Lutz’s first major climb was in January 2012 at Aconcagua, the highest peak in South America. From there, he climbed Mount Kilimanjaro in Tanzania, Denali in Alaska and Mount Vinson in Antarctica. At the end of his trip to Antarctica in late 2014, Lutz received an invitation to join a climbing team that planned to tackle Mount Everest. The team was set to leave March 2016.
After a preparation period that stretched for over a year, with the later months requiring five to six days of training per week, Lutz was on a plane headed to Nepal. He planned to be there for two months, the typical length of time for a climb up Mount Everest.

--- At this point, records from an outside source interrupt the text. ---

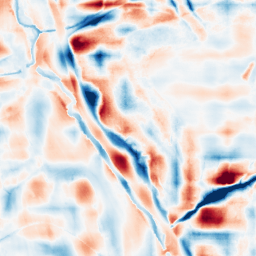
Category: wavelet
Decomposition family: wavelet_reverse_biorthogonal
Decomposition parameters: wavelet: rbio5.5
level: 5
Upsampling method: sinc_hamming
Upsampling parameters: scale: 8
kernel_size: 16
Upsampling scale: 8
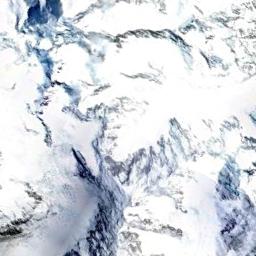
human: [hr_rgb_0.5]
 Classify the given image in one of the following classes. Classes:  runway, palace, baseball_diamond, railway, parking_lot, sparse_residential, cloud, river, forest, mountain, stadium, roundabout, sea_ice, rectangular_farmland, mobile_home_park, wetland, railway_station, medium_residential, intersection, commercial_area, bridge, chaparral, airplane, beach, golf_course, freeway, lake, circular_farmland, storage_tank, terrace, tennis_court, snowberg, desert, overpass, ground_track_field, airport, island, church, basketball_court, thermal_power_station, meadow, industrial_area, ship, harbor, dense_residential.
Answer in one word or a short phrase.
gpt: snowberg

“[The two-month time frame] is not so much because of distance or anything; it's mostly to give your body time to acclimatize to the altitude,” Lutz said. “To live up there over an extended period of time, you need to give your body time to deal with the lower oxygen and the temperatures.”
Lutz and his team spent the first two weeks of April climbing to the mountain’s base camp, placed at 17,000 feet.

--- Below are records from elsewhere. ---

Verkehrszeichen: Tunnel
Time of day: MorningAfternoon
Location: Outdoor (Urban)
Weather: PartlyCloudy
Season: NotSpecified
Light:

Once there, the team spent about five weeks in rotations, moving between base camp and the other four camps leading up to summit. They would spend a few nights at a camp, return to base, and repeat the method with each advancing camp. Although helpful for acclimation, the process was draining.
“At those altitudes, your body basically cannot fully recover,” Lutz said. “Your body starts to deteriorate in a sense that it consumes more calories than what you can eat. You eat all day, and you eat nothing but sugar.”

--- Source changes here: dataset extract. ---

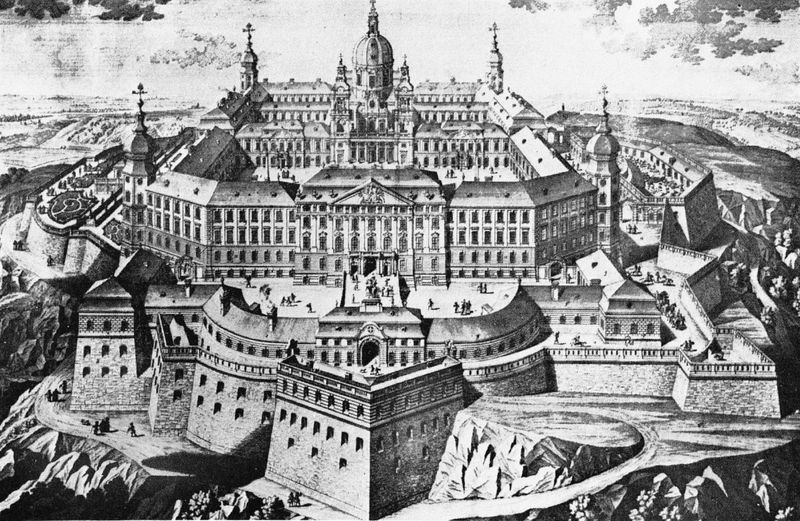
Titel: Benediktinerstift Göttweig
Künstler: Johann Lukas von Hildebrandt
Standort: Göttweig, Benediktinerstift (EU - AUT)
Schlagwörter: berg, himmel, weiß, wolken, landschaft, menschen, stadt, fenster, schwarz, anlage, dach, gebäude, haus, park, schloss, weg, leute, alt, architektur, barock, steine, feld, hügel, kirche, wege, personen, turm, garten, berge, gebirge, dächer, mauer, kutschen, kuppel, aufsicht, stadtansicht, burg, kloster, türme, palazzo, dom, festung, druck, radierung, stich, fürst, portal, zacken, mauern, residenz, mittelalter, vatikan, stadtmauer, absolutismus, schießscharten, vorplatz, kuppelbau, mehrere ebenen, wehrgang, bastion, verteidigung, prunkvoll, wehrtürme, bastei, schloßhof, verteidigungsanlagen, berge felsen

Lutz climbed for five weeks before he started to feel sick. He lost 10 percent of his body weight and was fighting an intestinal parasite. After reaching approximately 23,000 feet, he decided to turn back.
“At that point, I basically realized that [my plan to reach the top] would not happen,” he said.
Lutz could have pushed himself further, but he knew the climb was dangerous.
“The goal is not to reach the summit but to come back alive and be able to tell the story, and I had reached a point where I wasn't sure that would be possible if I continued.”
As Lutz came home and reacclimated to classroom life, the skills he perfected for the Mount Everest climb, and all the other climbs, remained valuable.
“Mountain climbing requires a certain stubbornness in pursuit of your goals. It requires a commitment, a dedication, time wise, effort wise, and I think that is a quality that comes through in when you do research,” Lutz said. “Research involves a lot of failure. [But] to be able to go back and pick yourself up after a setback, those are qualities that I think mountaineering and research can share.”
It’s this can-do attitude that will most likely send Lutz back out to Everest, maybe even sometime soon.
“I'd lie if I didn't acknowledge that the idea [of going back] is tossing around up there,” Lutz said, smiling. “At the same time, I need to balance this with my professional responsibilities, towards the department, the college [and] my students. So with all of that in mind, am I thinking about going back? When I'm going back? We will see.”